SCO's actions angered Linux supporters, who allegedly deluged the company with
angry e-mails, threatened drive-by shootings, and posted SCO's executives' home
phone numbers and addresses on Web sites.

On May 28, Novell jumped into the fray, arguing that it never sold the Unix
copyrights or patents to SCO when it consummated the Unix sale in 1995. In an
open letter to SCO, Novell said, “Apparently you share this view, since over
the last few months you have repeatedly asked Novell to transfer the copyrights
to SCO, requests Novell has rejected.”

Novell assailed

In a subsequent news conference on May 30, SCO chief executive officer Darl
McBride lashed out at Novell, restating SCO's claim that it owns the Unix
operating system patents and implying that Novell has a hidden agenda for
insisting otherwise.

“We strongly disagree with Novell's position and view it as a desperate measure
to curry favor with the Linux community,” McBride said.

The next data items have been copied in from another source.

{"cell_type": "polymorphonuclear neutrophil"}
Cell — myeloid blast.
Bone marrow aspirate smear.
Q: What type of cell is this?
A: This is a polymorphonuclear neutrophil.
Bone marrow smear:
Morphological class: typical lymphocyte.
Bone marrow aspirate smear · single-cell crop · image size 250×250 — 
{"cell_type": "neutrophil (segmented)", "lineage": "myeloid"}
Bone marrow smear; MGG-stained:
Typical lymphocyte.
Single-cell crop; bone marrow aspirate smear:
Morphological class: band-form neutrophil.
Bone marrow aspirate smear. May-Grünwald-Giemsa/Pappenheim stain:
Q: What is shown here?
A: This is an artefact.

Last week's analyst revelations, however, cast the battle in a new light. Until
the analysts weighed in, Linux backers had relied on the defense that no one
had seen proof of the allegations. Most said they didn't understand why SCO had
refused to release the alleged infringements for public scrutiny. Some said
they viewed SCO's actions as a means to spread fear, uncertainty and doubt
about open-source software.

But analysts categorically disagreed with that viewpoint last week. “SCO is not
trying to destroy Linux,” said DiDio of the Yankee Group. “That's silly. This
is about paying royalties.”

SCO contends that by co-opting code from Unix, Linux has severely damaged SCO's
intellectual property.  According to some estimates, the company collected
annual revenue of between $200 million and $250 million on Unix System 5 (sic)
software before the rise of Linux.  After Linux reached the mainstream, those
revenue figures dropped to about $60 million a year.

Because it believes Linux incorporates code that's been “stolen” from Unix, it
has warned hundreds of companies to stop using Linux or start paying royalties.

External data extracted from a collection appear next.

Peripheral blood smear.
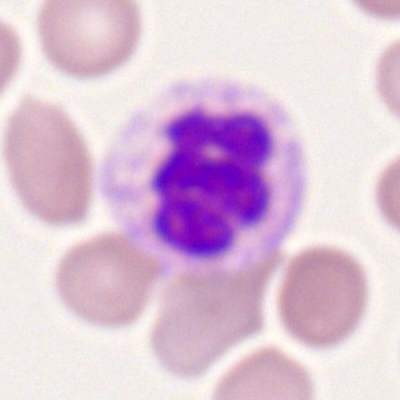

Specimen: peripheral blood film.
Cell type: polymorphonuclear neutrophil.
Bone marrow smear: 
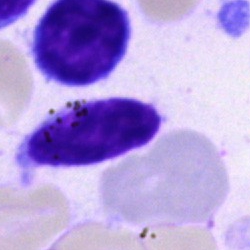 Q: Which cell type is shown here?
A: This is a typical lymphocyte.
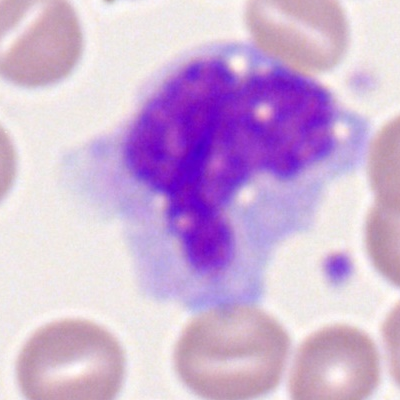Specimen: peripheral blood film.
Morphological class: monocyte.
Lineage: myeloid.
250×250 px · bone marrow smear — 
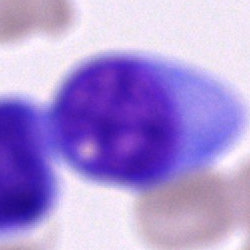

Q: Which cell type is shown here?
A: Blast cell.
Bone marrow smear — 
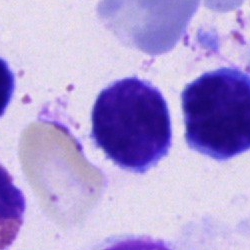The cell shown is a lymphocyte.
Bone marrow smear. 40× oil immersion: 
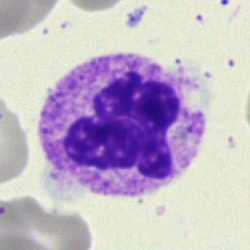

Morphology consistent with a neutrophil (segmented).

“SCO's words were that Linux distributors and others who are using Linux are
'distributing stolen goods,' ” said Claybrook of Aberdeen Group.

Some companies, such as Sun Microsystems Inc., already pay hefty royalties to
SCO for Unix.  Two weeks ago, Microsoft Corp. joined that group when it agreed
to pay royalties that were said to be “significantly in excess of $10 million,”
one source said.  Microsoft declined to comment on the details.

Facing a choice

Many observers believe SCO's case is bolstered by the fact that it is
represented by high-powered attorney David Boies, who prosecuted the Microsoft
antitrust case and represented Al Gore in the 2000 presidential election
vote-counting scandal.

Analysts said IBM will be the first company to face a choice in the legal
matter.  “If IBM wants to cure this problem, they could start by buying all the
appropriate licenses and then paying SCO a billion dollars,” Claybrook said.
“But SCO now says that a billion may not be enough to cover their damages.”
Users of Linux also face a decision about whether to ignore SCO's letters or
pay for a license.  Analysts said companies may face that decision as soon as
June 13, the date on which SCO has threatened to terminate its existing Unix
contracts with IBM.

Intellectual-property attorneys advise that companies that received a letter
from SCO first determine whether IBM is indemnifying them, as users, against
legal action.

IBM, for its part, has said it doesn't intend to respond to SCO's threat. “We
believe our contact is perpetual and irrevocable,” an IBM spokeswoman said.
“We've already paid for it, and there is nothing else we need to do.”

Whether the legal actions will harm Linux in the long run is still open to
question, experts said.

The Linux community, unconvinced by SCO's actions, says it is still waiting for
more solid proof that SCO really has a case. Most say that showing the alleged
violations to a few analysts who sign nondisclosure agreements isn't enough.

“We still don't see the need for secrecy,” said Hall of Linux International.